Julia Angwin of ProPublica and Sri Sridharan of the Florida Center for Cybersecurity spoke about ways to cover data breaches as a journalist, along with ways to protect yourself from the hackers.

Ways to protect yourself from hackers

It’s difficult to figure out if your personal data has been stolen, and it’s even more difficult to figure out who did it. Angwin and Sridharan stressed the importance of taking precautions so hackers can’t easily access your personal data, especially since the majority of data breaches happen due to user error. Here are some useful tips:

  • Two-factor authentication – Many services like Facebook, Twitter and Gmail offer two-factor authentication to access your account. This means that you not only need a password to log into your account, but also a code that is sent to your phone.
  • Long & complex passwords – If your phone isn’t always readily available, Angwin suggested a long and complex password that would be hard for brute-force attacks to crack.
  • Update software – Keep your phone applications as well as software on your computer up-to-date. Those updates usually contain patches to fix known vulnerabilities.
  • Delete software you’re not using – When you download software, even if you’re not actively using it, your device becomes open to vulnerability.
  • Use encrypted messaging apps like Signal or PGP clients like Mailvelope or Postbox for all your conversations with sources.
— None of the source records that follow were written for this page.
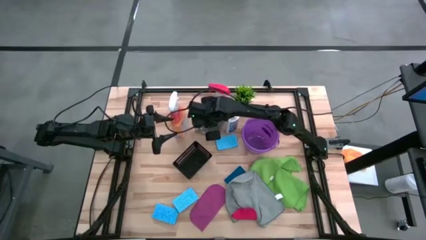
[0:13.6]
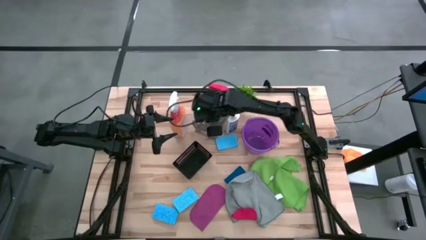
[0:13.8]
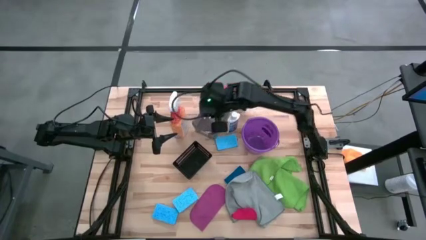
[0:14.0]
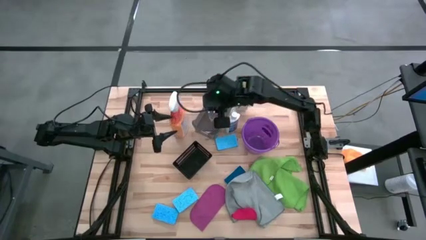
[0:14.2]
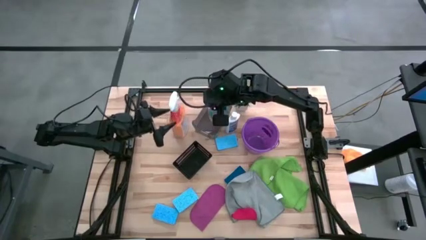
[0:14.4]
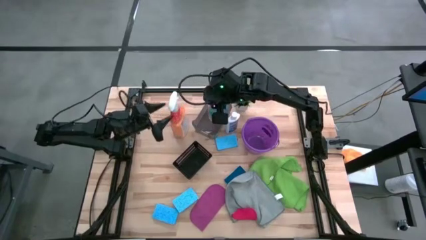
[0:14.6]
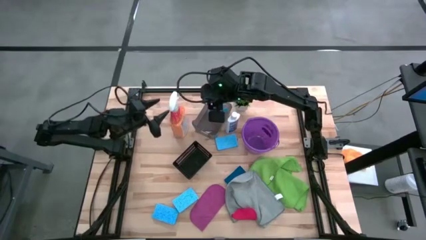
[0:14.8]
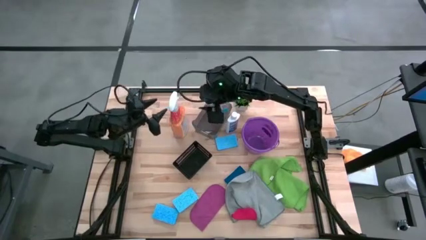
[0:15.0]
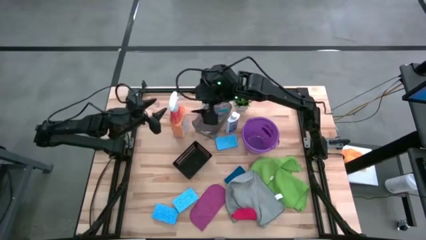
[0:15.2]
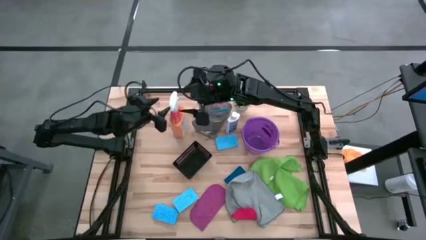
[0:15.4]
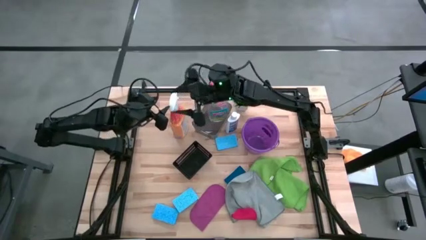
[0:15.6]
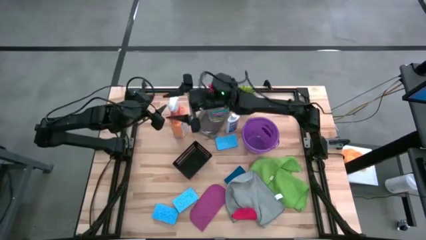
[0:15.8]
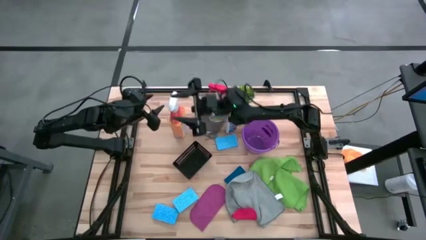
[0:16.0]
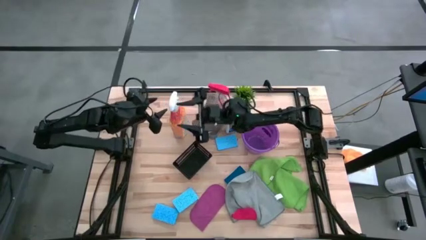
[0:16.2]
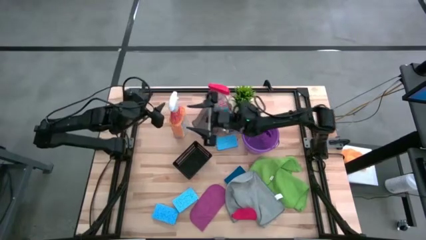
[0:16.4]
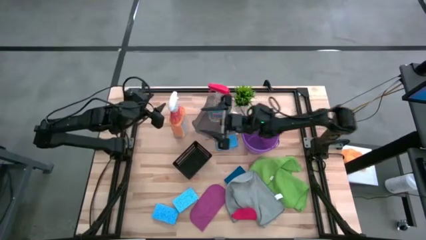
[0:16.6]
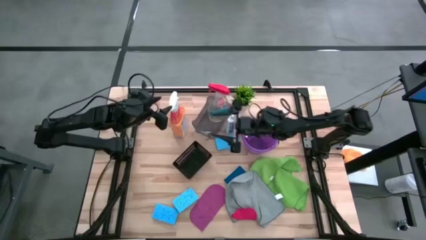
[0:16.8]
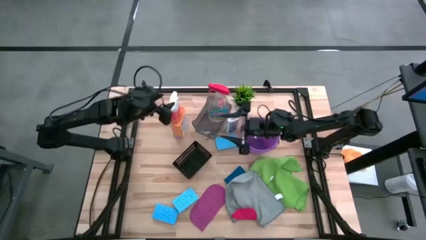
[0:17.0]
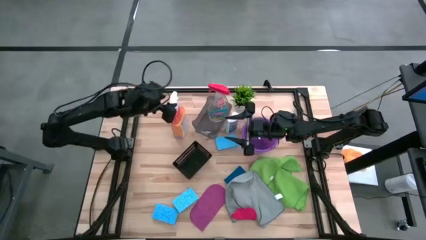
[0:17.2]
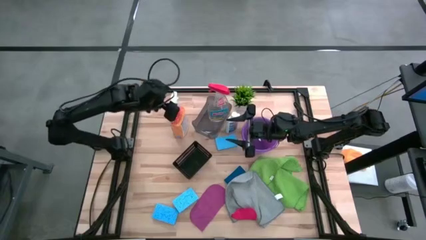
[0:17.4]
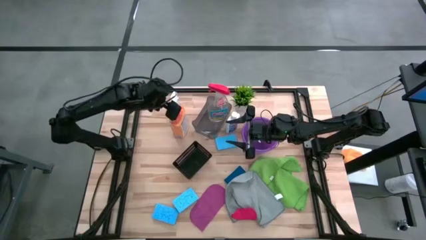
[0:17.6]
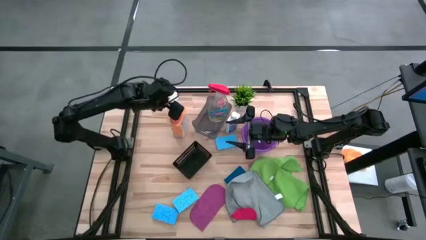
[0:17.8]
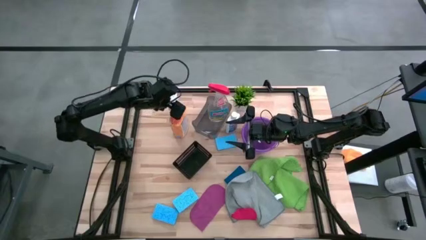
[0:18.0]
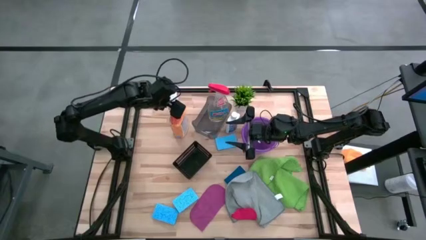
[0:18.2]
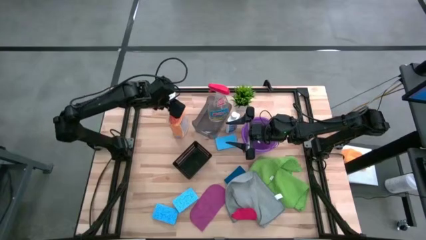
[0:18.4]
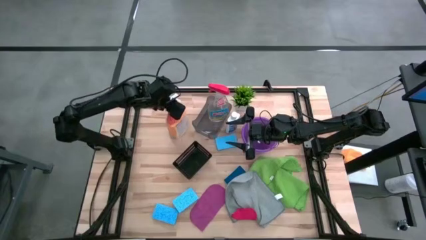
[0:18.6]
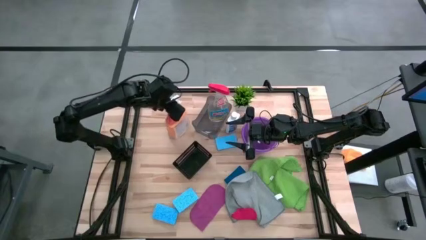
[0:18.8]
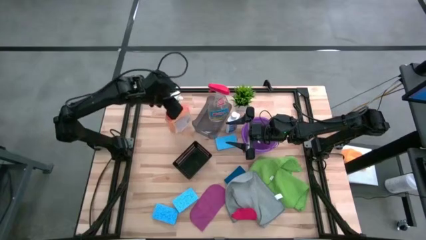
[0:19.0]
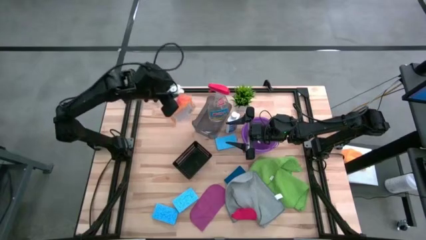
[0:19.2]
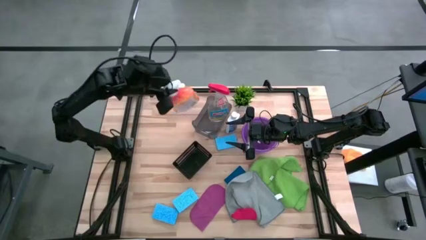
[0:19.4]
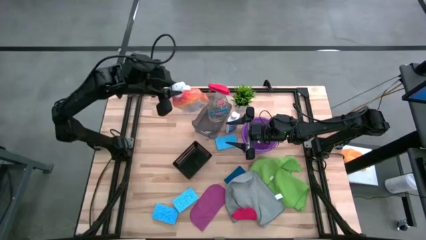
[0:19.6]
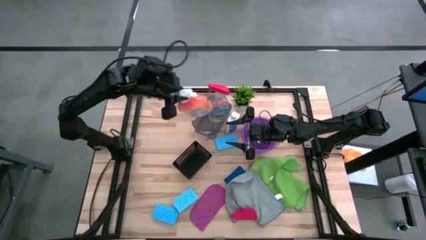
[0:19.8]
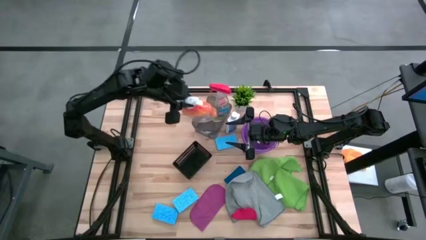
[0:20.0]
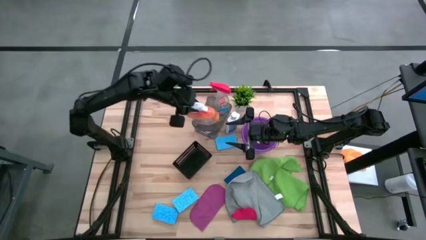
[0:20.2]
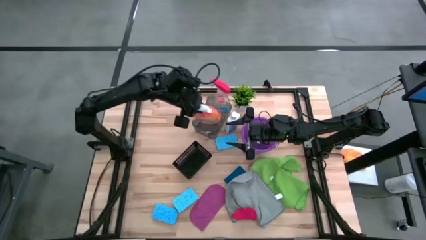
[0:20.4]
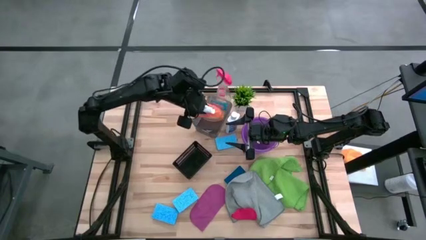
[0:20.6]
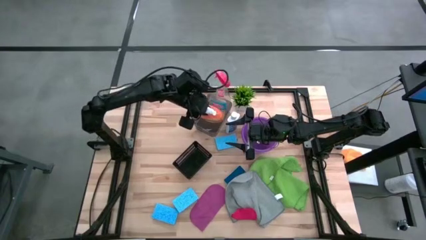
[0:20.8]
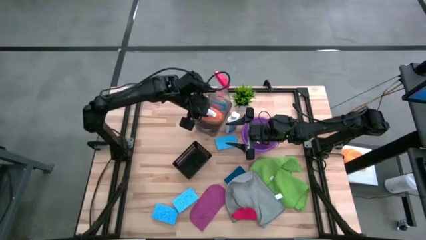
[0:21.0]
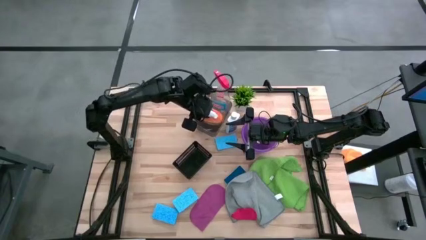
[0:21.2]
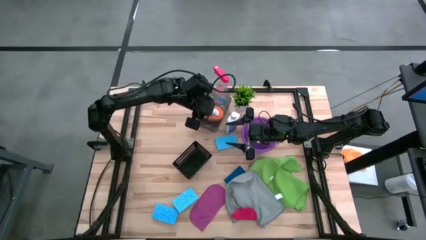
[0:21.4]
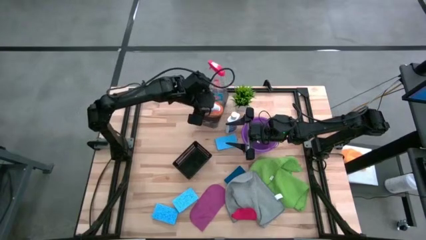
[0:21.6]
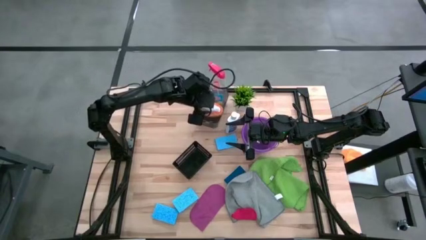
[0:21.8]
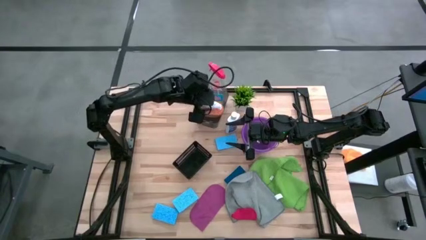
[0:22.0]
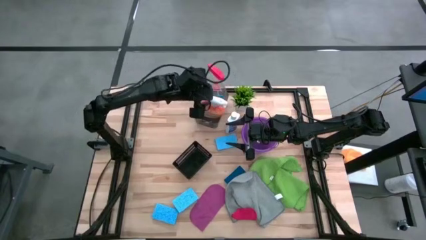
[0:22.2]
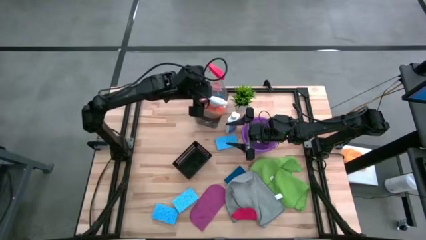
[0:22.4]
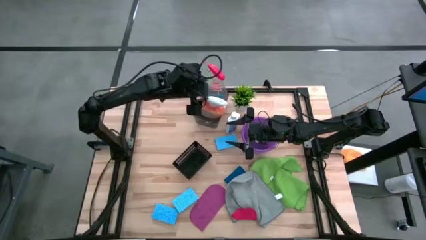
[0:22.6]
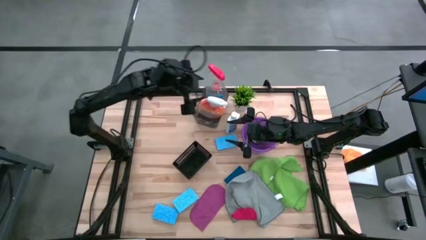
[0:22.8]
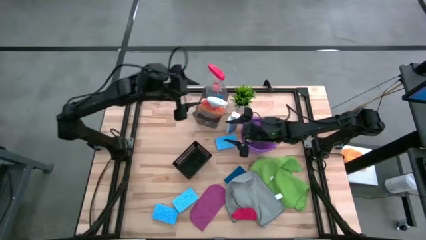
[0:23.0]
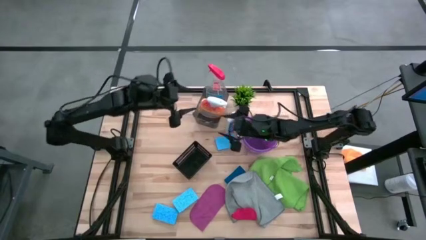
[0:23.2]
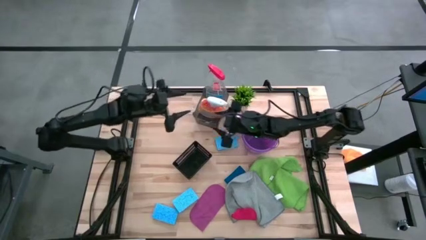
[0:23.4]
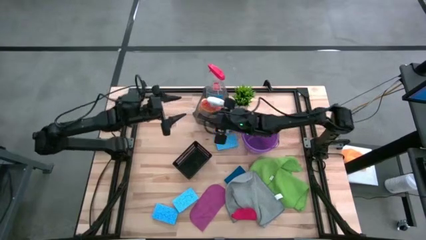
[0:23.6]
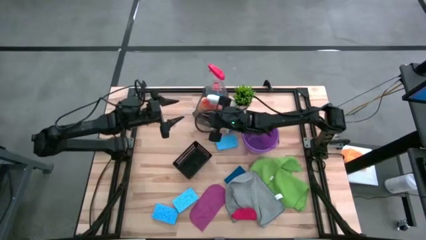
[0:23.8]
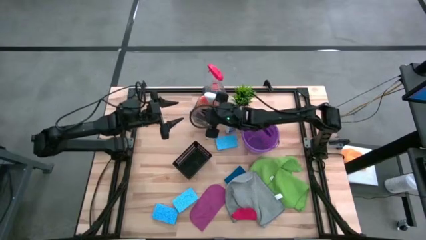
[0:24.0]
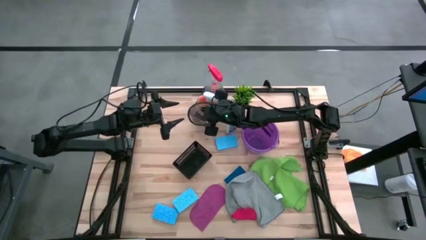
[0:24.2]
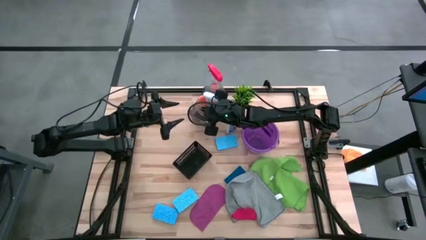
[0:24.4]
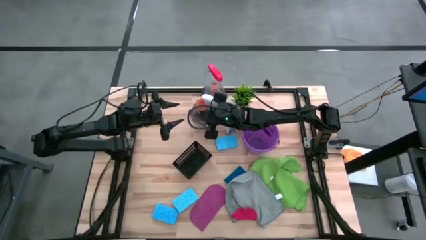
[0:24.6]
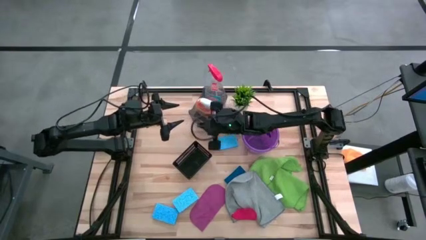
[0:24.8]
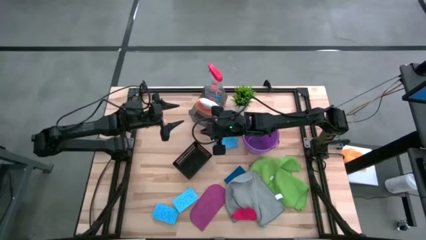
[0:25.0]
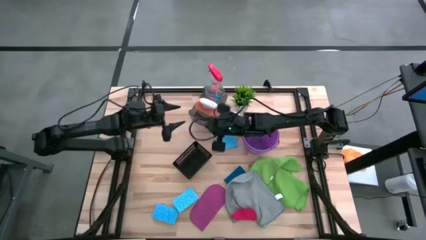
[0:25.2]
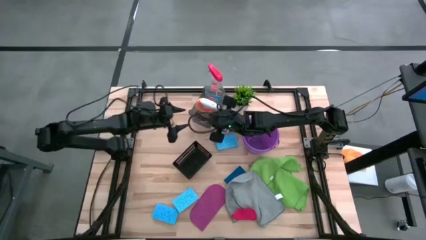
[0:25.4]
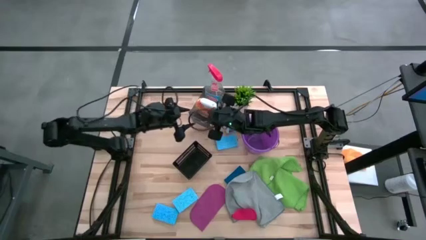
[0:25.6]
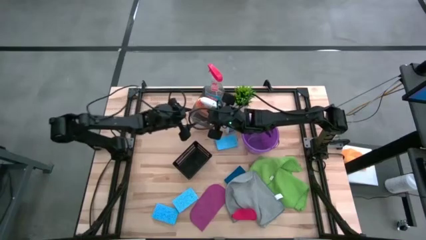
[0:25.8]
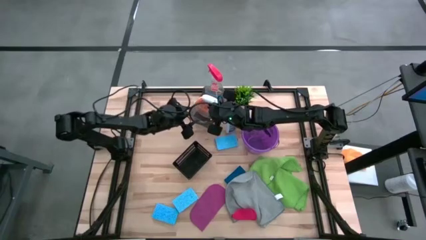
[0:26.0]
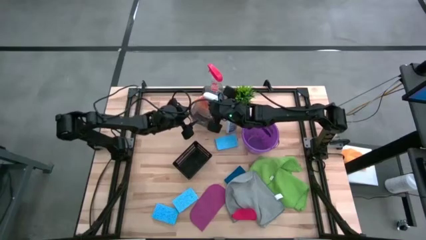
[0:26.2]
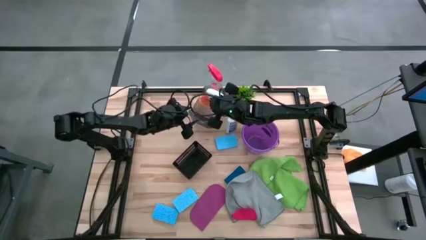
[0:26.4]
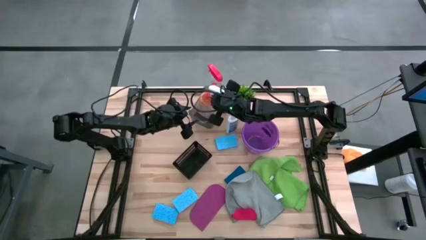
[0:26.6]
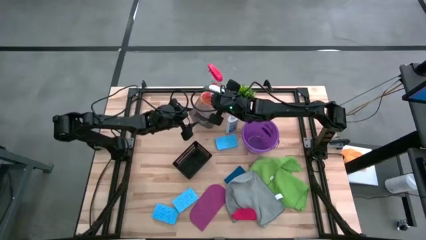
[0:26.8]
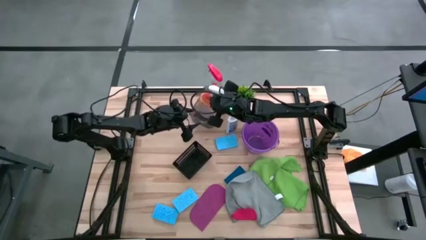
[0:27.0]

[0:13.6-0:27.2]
Task: Pick & Place Kitchen Items
Put the orange spray bottle into the black bin

Ways to cover data breaches

  • Be careful when using hacked information for the public good, ask yourself if you’re perpetuating propaganda first.
  • When you find out a company has been hacked, first ask what kind of data has been breached. Then, ask what the company is doing to contain the attack and if they know how long the attacker has been stealing data. Finally, ask what they’re doing to prevent similar attacks in the future. Is it a proactive or reactive response?
  • Ask companies if they have prepared for a breach and what their process would be if it were to happen.
  • Remember that hacking can be a political act and not just a financial act. Pay attention to what kind of data is being breached.
  • Lean on resources like Canada’s Citizen Lab to help you with investigating malware attacks.
  • Look out for future cybersecurity legislation. Currently, there are no fines attached to data breaches. Companies only pay for damages. If there were fines, insurers would have to step in and standards of cyber defense would be put in place to help mitigate attacks.
  • The current federal response to breaches is increased surveillance – for better or for worse.
  • Turn to the International Association for Privacy Professionals when you need legal help in an information privacy case.